The html_document_base intermediate generator will find the CSV file at some point as find_external_resources() will find it. Tested with find_external_resources("src/test.Rmd") after the first run.

What happens is Rmd file will be purled to detect external ressources https://github.com/rstudio/rmarkdown/blob/0af6b3556adf6e393b2da23c66c695724ea7bd2d/R/html_resources.R#L362-L365 Using a static analysis of quoted string to check if they could be relative filepath https://github.com/rstudio/rmarkdown/blob/0af6b3556adf6e393b2da23c66c695724ea7bd2d/R/html_resources.R#L386-L389

On first pass, the CSV file does not exist before knitting so it is not found https://github.com/rstudio/rmarkdown/blob/0af6b3556adf6e393b2da23c66c695724ea7bd2d/R/html_resources.R#L75-L79 On second pass it exists, so it will be found and added to intermediates.

I believe the issue rely in the fact that the found resource should be copied but it is not https://github.com/rstudio/rmarkdown/blob/0af6b3556adf6e393b2da23c66c695724ea7bd2d/R/html_resources.R#L404-L414

But copy_file_with_dir() will run file.copy like this

file.copy(
    "C:/Users/chris/AppData/Local/Temp/RtmpiO8b6u/file49002e53caf/src/../temp/LostFile.csv",
    "C:/Users/chris/AppData/Local/Temp/RtmpiO8b6u/file49002e53caf/tmp.xxx/../temp/LostFile.csv"
)

which is the same path considering the folder tree in the example.
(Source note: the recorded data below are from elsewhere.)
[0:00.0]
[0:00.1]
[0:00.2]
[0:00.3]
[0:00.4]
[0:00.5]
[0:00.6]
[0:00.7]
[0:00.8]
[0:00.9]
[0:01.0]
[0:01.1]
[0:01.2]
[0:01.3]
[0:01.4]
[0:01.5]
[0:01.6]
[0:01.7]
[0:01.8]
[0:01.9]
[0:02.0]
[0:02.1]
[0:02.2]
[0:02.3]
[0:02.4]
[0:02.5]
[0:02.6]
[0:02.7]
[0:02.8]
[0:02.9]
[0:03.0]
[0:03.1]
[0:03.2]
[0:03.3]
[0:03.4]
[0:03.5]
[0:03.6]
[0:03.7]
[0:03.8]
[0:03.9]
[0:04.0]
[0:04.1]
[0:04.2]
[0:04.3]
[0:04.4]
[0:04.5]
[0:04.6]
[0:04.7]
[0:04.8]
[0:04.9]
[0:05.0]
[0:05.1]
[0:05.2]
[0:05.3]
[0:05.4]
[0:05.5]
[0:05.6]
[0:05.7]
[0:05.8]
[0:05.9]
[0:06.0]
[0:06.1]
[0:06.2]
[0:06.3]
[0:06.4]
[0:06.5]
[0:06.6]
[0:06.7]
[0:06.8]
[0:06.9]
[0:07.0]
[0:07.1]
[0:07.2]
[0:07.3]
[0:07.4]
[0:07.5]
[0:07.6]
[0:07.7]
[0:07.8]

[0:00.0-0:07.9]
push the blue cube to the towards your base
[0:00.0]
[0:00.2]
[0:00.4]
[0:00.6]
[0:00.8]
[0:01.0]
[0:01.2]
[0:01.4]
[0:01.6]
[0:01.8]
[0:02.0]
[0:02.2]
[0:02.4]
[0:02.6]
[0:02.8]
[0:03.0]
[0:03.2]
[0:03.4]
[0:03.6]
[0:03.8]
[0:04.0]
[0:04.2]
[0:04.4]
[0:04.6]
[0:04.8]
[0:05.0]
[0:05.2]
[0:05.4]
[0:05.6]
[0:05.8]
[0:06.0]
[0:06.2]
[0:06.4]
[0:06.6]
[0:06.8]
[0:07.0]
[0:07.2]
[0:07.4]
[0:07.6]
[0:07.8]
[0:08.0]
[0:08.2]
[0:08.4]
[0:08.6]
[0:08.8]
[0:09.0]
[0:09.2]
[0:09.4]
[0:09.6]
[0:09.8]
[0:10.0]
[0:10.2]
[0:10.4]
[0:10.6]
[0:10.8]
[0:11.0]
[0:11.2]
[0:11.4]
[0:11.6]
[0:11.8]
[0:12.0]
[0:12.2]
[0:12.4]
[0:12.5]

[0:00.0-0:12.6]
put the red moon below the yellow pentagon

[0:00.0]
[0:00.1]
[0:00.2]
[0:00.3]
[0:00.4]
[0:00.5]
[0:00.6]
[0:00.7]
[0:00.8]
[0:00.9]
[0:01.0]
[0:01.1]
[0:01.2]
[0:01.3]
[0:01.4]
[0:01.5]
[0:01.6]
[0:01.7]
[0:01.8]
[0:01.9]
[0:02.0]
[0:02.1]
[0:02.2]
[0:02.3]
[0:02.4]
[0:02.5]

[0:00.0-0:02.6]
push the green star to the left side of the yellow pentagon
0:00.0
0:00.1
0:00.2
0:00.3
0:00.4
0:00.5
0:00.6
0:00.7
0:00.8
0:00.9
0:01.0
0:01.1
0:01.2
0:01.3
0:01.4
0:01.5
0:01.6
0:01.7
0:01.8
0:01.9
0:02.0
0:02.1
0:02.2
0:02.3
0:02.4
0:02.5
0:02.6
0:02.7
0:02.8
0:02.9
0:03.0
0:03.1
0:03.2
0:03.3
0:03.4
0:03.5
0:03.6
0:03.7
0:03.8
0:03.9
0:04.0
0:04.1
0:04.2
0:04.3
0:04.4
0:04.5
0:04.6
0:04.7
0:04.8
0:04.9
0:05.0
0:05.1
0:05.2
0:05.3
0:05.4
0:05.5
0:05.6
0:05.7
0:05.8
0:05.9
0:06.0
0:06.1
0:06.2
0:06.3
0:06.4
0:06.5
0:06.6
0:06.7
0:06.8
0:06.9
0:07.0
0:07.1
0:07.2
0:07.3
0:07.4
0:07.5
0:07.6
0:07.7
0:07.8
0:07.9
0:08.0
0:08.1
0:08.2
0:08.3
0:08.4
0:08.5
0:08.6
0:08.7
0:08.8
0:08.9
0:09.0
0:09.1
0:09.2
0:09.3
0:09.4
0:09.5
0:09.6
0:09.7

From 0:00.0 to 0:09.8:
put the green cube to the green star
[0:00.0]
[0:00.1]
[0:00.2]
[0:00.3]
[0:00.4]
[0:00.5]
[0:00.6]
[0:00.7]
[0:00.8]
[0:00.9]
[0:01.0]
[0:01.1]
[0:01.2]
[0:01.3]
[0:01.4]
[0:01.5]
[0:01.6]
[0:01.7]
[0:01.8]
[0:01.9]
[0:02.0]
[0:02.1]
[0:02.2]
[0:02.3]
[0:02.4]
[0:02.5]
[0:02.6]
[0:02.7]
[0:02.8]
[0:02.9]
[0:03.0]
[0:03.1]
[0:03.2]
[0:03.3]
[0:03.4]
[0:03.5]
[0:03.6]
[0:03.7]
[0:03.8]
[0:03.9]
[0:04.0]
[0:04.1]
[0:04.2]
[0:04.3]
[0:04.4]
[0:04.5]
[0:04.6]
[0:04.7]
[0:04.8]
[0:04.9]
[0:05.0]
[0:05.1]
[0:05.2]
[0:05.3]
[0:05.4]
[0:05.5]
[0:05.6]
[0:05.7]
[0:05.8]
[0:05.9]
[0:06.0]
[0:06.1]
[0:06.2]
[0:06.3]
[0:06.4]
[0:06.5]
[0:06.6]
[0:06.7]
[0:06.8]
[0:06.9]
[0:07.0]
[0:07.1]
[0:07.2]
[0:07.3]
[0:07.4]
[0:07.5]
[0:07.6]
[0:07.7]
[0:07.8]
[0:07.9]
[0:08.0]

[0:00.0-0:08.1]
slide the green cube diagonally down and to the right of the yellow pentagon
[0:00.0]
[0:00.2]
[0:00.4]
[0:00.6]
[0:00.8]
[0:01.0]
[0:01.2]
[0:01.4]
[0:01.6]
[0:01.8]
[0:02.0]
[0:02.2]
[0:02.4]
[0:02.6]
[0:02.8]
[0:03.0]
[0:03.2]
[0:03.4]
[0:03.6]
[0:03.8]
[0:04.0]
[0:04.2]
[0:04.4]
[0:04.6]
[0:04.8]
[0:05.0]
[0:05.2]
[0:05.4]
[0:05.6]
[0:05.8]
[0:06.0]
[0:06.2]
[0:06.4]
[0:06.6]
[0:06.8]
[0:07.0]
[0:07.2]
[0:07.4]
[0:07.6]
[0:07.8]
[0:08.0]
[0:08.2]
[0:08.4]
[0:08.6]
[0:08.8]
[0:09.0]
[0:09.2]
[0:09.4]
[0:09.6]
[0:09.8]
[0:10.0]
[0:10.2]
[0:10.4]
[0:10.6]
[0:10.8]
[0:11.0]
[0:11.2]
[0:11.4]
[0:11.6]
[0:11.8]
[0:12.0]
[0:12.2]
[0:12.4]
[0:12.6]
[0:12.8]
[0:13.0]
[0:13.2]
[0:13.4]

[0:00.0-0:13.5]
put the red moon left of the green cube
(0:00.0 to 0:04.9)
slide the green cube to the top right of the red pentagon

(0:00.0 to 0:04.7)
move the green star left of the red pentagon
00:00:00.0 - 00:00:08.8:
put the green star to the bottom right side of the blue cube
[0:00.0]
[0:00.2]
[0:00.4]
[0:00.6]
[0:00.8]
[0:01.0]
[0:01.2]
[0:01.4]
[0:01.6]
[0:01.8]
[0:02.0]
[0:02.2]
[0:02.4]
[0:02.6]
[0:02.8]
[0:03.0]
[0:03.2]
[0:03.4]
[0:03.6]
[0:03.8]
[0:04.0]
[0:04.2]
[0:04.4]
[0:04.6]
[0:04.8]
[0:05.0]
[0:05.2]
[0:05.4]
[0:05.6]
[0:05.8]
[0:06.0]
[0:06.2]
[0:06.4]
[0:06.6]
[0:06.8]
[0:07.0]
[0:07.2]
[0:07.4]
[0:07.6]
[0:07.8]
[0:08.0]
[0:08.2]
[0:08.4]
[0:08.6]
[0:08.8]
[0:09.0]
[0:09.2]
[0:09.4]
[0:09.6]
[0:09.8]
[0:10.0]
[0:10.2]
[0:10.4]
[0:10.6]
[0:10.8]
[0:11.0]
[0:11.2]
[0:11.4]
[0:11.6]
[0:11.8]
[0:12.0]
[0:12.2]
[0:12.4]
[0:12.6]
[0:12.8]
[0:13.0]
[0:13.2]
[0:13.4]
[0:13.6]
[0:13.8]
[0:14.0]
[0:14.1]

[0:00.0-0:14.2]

This dest file will be added to the intermediates and then removed when clean = TRUE

It seems like a weird bug with how paths are handled, and also due to the folder structure of the example. If I put the CSV file at the same level at the Rmd file, this will not happen

so using in the Rmd

file <- "LostFile.csv"

which then will be correctly found and copied to the intermediate dir. dest file will this one in intermediates which are removed.

C:/Users/chris/AppData/Local/Temp/RtmpiO8b6u/file49002e53caf/tmp.xxx/LostFile.csv

I believe this is an issue with relative file path using ... where the generated path for copy is not the right one.

And... another paths issue in the mix.